Search code examples
pythonweb-scrapingbeautifulsouptwo-factor-authentication

Using BeautifulSoup for pages behind 2 factor auth


I am scraping some data for a company project, but all of it is behind the 2-factor in place by my company. The 2 factor authentication requires me to enter a code from my phone/hardware token that lasts 6 seconds. This 2-factor cannot be disabled for a variety of reasons.

Is there any way I can scrape this information? If I run it right now, BS just returns the login page (where I have to enter username/pwd before being taken to the 2 factor page).

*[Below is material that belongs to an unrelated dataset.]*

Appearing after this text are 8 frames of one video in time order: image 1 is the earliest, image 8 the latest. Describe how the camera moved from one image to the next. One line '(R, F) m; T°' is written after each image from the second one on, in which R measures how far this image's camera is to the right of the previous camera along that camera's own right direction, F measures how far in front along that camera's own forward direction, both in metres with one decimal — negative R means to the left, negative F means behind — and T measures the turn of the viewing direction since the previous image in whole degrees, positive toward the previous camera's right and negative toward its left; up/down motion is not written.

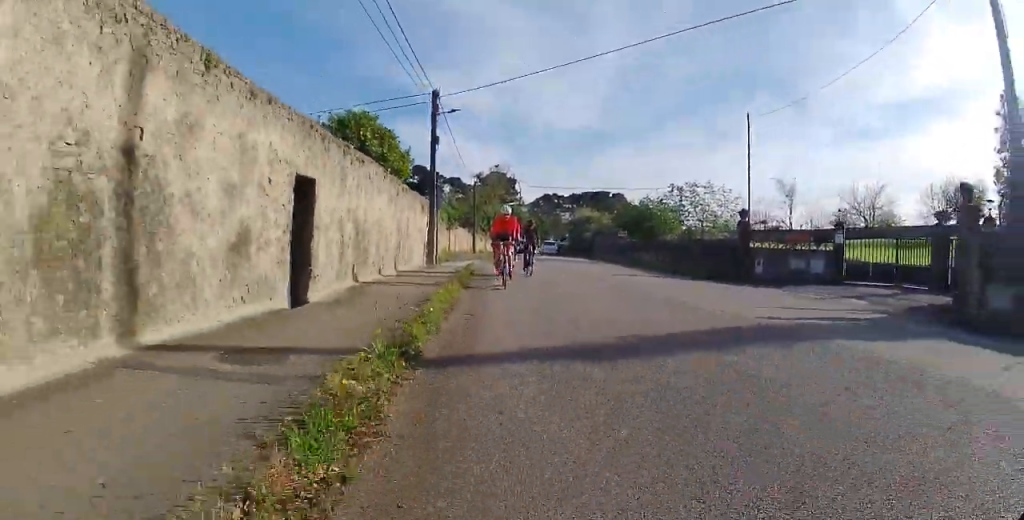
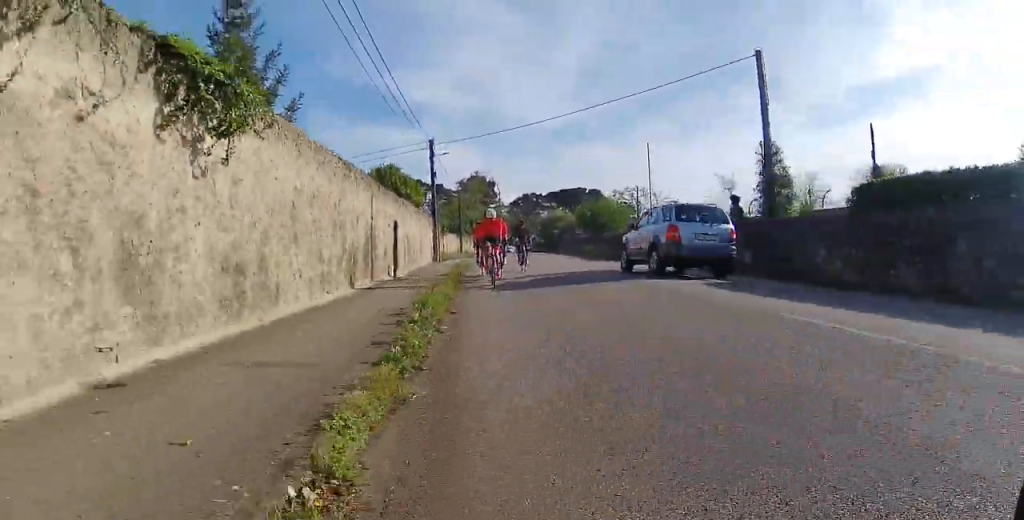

If needed, I can also manually enter the 2-factor info (although this would have to repeated every 12 hours, so this method is not preferred). However, I have not even been able to find success with this as BeautifulSoup does not read from pre-logged in browsers and the 2 factor auth code changes every 6 seconds or so and with every login (need to go to multiple different pages, so this is basically as viable as just saving each page as html manually).


Solution

  • As commenters have noted, this depends on how your site sets and checks the login status. In addition to the method in the answer you linked, you should try the following options:

    # using a session, and the cookies argument
    s = requests.Session()
    r = s.get('https://someurl', cookies={'somecookie': 'somecookievalue'})
    
    # using a session, and http headers
    s = requests.Session()
    r = s.get('https://someurl', headers={'somekey': 'somevalue'})
    

    In both of the above cases, the cookie is a key value pair expressed as a python dictionary. Multiple cookies can be passed as multiple key/value pairs. In some cases, auth credentials must be passed directly, like this:

    s = requests.Session()
    s.auth = ('user', 'pass')
    s.get('https://someurl')
    

    Lastly, some combination of two or more of these may be required. Without your code or more info about the website, it's difficult to say more. I hope all this helps.